■ WHAT IS REQUIRED
Your task is to transcribe the entries exactly.
+ + + + +
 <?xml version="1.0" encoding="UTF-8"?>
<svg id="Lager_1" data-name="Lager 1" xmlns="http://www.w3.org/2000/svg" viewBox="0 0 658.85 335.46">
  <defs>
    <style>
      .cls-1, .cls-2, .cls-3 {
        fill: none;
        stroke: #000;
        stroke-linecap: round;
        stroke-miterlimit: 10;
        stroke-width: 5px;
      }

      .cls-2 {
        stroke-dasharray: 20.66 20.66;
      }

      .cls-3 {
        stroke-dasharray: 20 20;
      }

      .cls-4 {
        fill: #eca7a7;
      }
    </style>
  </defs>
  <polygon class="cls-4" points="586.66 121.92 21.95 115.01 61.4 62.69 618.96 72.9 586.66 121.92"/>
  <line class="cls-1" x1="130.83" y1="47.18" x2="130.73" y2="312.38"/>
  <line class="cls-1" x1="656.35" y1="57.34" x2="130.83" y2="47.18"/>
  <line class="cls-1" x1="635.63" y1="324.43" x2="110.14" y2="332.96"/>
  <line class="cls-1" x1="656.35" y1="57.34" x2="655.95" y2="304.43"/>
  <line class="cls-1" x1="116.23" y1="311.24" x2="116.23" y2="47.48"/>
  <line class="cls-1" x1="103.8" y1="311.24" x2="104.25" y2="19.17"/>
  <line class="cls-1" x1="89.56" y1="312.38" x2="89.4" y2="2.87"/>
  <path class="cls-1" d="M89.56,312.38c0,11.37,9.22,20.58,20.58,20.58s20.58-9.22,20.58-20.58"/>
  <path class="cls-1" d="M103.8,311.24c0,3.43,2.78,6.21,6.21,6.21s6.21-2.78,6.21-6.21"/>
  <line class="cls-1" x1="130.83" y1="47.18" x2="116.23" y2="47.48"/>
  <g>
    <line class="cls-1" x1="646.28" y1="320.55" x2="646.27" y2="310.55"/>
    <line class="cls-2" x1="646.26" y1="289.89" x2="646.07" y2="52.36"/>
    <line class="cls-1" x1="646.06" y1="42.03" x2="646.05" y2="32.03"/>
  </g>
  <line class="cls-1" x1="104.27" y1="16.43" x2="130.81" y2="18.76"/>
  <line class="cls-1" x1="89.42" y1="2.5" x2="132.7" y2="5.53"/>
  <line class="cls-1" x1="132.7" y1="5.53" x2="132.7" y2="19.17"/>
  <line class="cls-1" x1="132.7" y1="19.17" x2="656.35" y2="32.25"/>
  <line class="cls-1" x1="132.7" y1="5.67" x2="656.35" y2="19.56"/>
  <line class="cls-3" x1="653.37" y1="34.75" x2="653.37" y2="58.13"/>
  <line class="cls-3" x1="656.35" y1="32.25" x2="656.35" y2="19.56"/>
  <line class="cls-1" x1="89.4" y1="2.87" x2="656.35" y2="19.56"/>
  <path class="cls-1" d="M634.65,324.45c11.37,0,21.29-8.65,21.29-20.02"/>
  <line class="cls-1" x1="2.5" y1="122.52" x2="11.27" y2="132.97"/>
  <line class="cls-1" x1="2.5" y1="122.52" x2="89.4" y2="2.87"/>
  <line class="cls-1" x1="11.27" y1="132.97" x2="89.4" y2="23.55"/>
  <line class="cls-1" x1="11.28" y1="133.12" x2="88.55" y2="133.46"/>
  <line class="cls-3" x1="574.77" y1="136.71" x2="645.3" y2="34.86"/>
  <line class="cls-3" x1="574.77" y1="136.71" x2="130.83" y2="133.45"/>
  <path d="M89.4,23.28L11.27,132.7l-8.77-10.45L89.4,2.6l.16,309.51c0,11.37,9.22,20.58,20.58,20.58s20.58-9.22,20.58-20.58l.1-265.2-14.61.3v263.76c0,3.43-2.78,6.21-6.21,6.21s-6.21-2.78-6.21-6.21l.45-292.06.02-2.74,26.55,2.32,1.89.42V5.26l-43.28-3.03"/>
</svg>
+ + + + +
■ FINAL ANSWER
 <?xml version="1.0" encoding="UTF-8"?>
<svg id="Lager_1" data-name="Lager 1" xmlns="http://www.w3.org/2000/svg" viewBox="0 0 658.85 335.46">
  <defs>
    <style>
      .cls-1, .cls-2, .cls-3 {
        fill: none;
        stroke: #000;
        stroke-linecap: round;
        stroke-miterlimit: 10;
        stroke-width: 5px;
      }

      .cls-2 {
        stroke-dasharray: 20.66 20.66;
      }

      .cls-3 {
        stroke-dasharray: 20 20;
      }

      .cls-4 {
        fill: #eca7a7;
      }
    </style>
  </defs>
  <polygon class="cls-4" points="586.66 121.92 21.95 115.01 61.4 62.69 618.96 72.9 586.66 121.92"/>
  <line class="cls-1" x1="130.83" y1="47.18" x2="130.73" y2="312.38"/>
  <line class="cls-1" x1="656.35" y1="57.34" x2="130.83" y2="47.18"/>
  <line class="cls-1" x1="635.63" y1="324.43" x2="110.14" y2="332.96"/>
  <line class="cls-1" x1="656.35" y1="57.34" x2="655.95" y2="304.43"/>
  <line class="cls-1" x1="116.23" y1="311.24" x2="116.23" y2="47.48"/>
  <line class="cls-1" x1="103.8" y1="311.24" x2="104.25" y2="19.17"/>
  <line class="cls-1" x1="89.56" y1="312.38" x2="89.4" y2="2.87"/>
  <path class="cls-1" d="M89.56,312.38c0,11.37,9.22,20.58,20.58,20.58s20.58-9.22,20.58-20.58"/>
  <path class="cls-1" d="M103.8,311.24c0,3.43,2.78,6.21,6.21,6.21s6.21-2.78,6.21-6.21"/>
  <line class="cls-1" x1="130.83" y1="47.18" x2="116.23" y2="47.48"/>
  <g>
    <line class="cls-1" x1="646.28" y1="320.55" x2="646.27" y2="310.55"/>
    <line class="cls-2" x1="646.26" y1="289.89" x2="646.07" y2="52.36"/>
    <line class="cls-1" x1="646.06" y1="42.03" x2="646.05" y2="32.03"/>
  </g>
  <line class="cls-1" x1="104.27" y1="16.43" x2="130.81" y2="18.76"/>
  <line class="cls-1" x1="89.42" y1="2.5" x2="132.7" y2="5.53"/>
  <line class="cls-1" x1="132.7" y1="5.53" x2="132.7" y2="19.17"/>
  <line class="cls-1" x1="132.7" y1="19.17" x2="656.35" y2="32.25"/>
  <line class="cls-1" x1="132.7" y1="5.67" x2="656.35" y2="19.56"/>
  <line class="cls-3" x1="653.37" y1="34.75" x2="653.37" y2="58.13"/>
  <line class="cls-3" x1="656.35" y1="32.25" x2="656.35" y2="19.56"/>
  <line class="cls-1" x1="89.4" y1="2.87" x2="656.35" y2="19.56"/>
  <path class="cls-1" d="M634.65,324.45c11.37,0,21.29-8.65,21.29-20.02"/>
  <line class="cls-1" x1="2.5" y1="122.52" x2="11.27" y2="132.97"/>
  <line class="cls-1" x1="2.5" y1="122.52" x2="89.4" y2="2.87"/>
  <line class="cls-1" x1="11.27" y1="132.97" x2="89.4" y2="23.55"/>
  <line class="cls-1" x1="11.28" y1="133.12" x2="88.55" y2="133.46"/>
  <line class="cls-3" x1="574.77" y1="136.71" x2="645.3" y2="34.86"/>
  <line class="cls-3" x1="574.77" y1="136.71" x2="130.83" y2="133.45"/>
  <path d="M89.4,23.28L11.27,132.7l-8.77-10.45L89.4,2.6l.16,309.51c0,11.37,9.22,20.58,20.58,20.58s20.58-9.22,20.58-20.58l.1-265.2-14.61.3v263.76c0,3.43-2.78,6.21-6.21,6.21s-6.21-2.78-6.21-6.21l.45-292.06.02-2.74,26.55,2.32,1.89.42V5.26l-43.28-3.03"/>
</svg>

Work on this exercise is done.